-- MATERIALS PROVIDED follows --

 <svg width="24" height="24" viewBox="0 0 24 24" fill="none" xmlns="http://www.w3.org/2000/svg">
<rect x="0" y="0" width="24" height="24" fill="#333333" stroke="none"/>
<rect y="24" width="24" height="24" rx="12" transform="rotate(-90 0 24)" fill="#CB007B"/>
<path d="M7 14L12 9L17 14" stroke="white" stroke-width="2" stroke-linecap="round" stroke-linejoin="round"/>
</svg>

-- MATERIALS PROVIDED concluded --

> [AIM OF THE TASK]
Which lines of the data contain the string "fill"? Copy each one.

> [ANSWER SECTION]
 <svg width="24" height="24" viewBox="0 0 24 24" fill="none" xmlns="http://www.w3.org/2000/svg">
<rect x="0" y="0" width="24" height="24" fill="#333333" stroke="none"/>
<rect y="24" width="24" height="24" rx="12" transform="rotate(-90 0 24)" fill="#CB007B"/>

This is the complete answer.